[Dataset entries]

=== Section Start ===

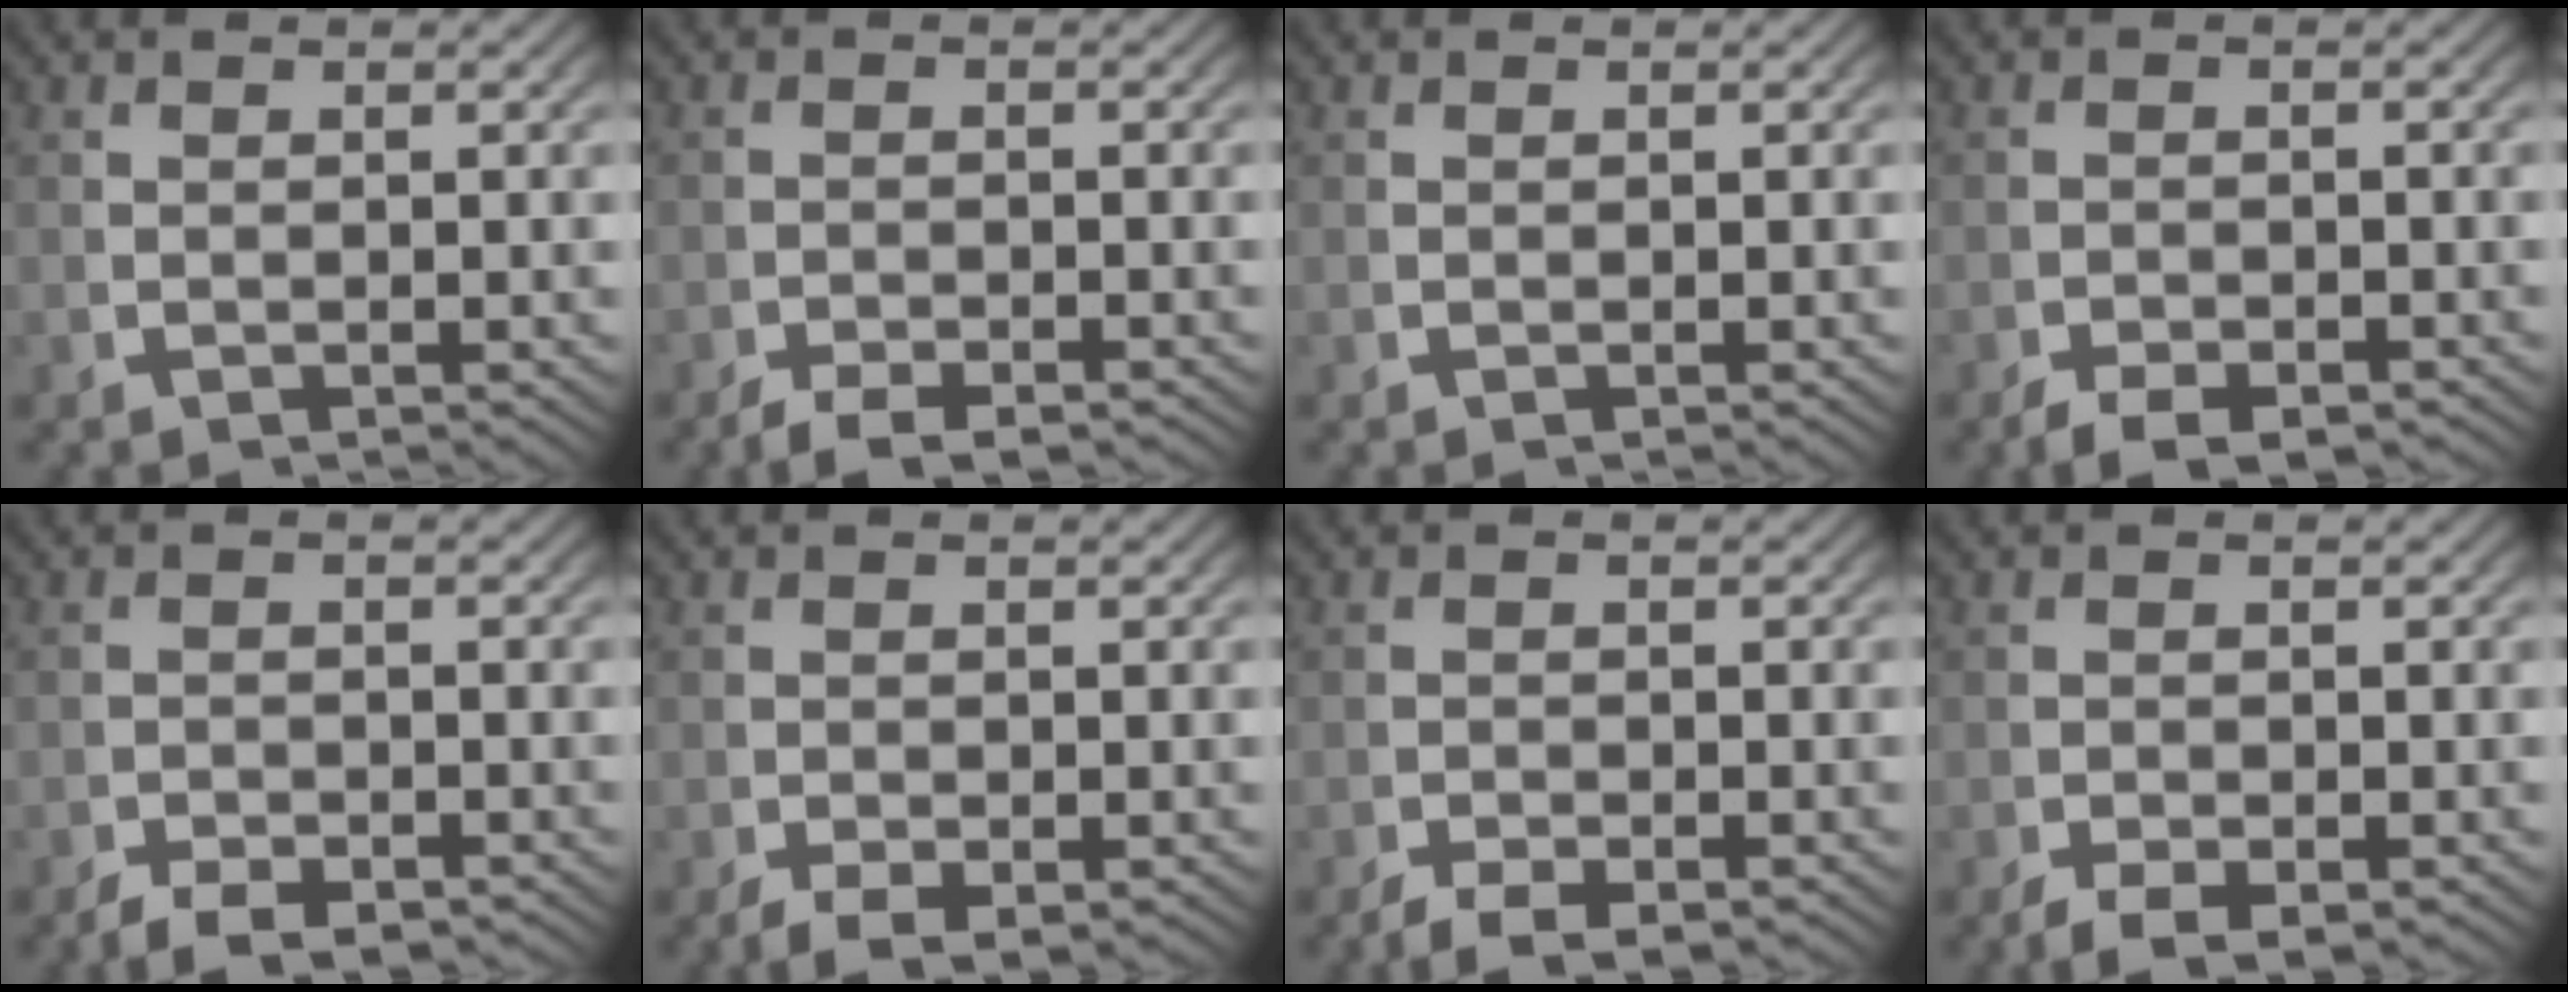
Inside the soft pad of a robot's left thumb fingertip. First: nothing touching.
{"total": 2.6, "force": [-2.2, 0.8, 1.0], "torque": [-0.011, -0.009, -0.039]}
{"total": 0.0}
{"total": 2.7, "force": [-2.2, 1.0, 1.2], "torque": [-0.013, -0.011, -0.038]}
{"total": 2.8, "force": [-2.4, 1.0, 1.1], "torque": [-0.011, -0.010, -0.042]}
{"total": 2.6, "force": [-1.5, 1.4, 1.7], "torque": [-0.025, -0.015, -0.019]}
{"total": 2.7, "force": [-2.2, 1.0, 1.3], "torque": [-0.016, -0.012, -0.037]}
{"total": 2.7, "force": [-1.9, 1.3, 1.5], "torque": [-0.024, -0.015, -0.027]}

=== Section End ===

= Your goal =
Retype the data above as given, letting no picture into the copy.

= Solved exercise =
Inside the soft pad of a robot's left thumb fingertip. First: nothing touching.
{"total": 2.6, "force": [-2.2, 0.8, 1.0], "torque": [-0.011, -0.009, -0.039]}
{"total": 0.0}
{"total": 2.7, "force": [-2.2, 1.0, 1.2], "torque": [-0.013, -0.011, -0.038]}
{"total": 2.8, "force": [-2.4, 1.0, 1.1], "torque": [-0.011, -0.010, -0.042]}
{"total": 2.6, "force": [-1.5, 1.4, 1.7], "torque": [-0.025, -0.015, -0.019]}
{"total": 2.7, "force": [-2.2, 1.0, 1.3], "torque": [-0.016, -0.012, -0.037]}
{"total": 2.7, "force": [-1.9, 1.3, 1.5], "torque": [-0.024, -0.015, -0.027]}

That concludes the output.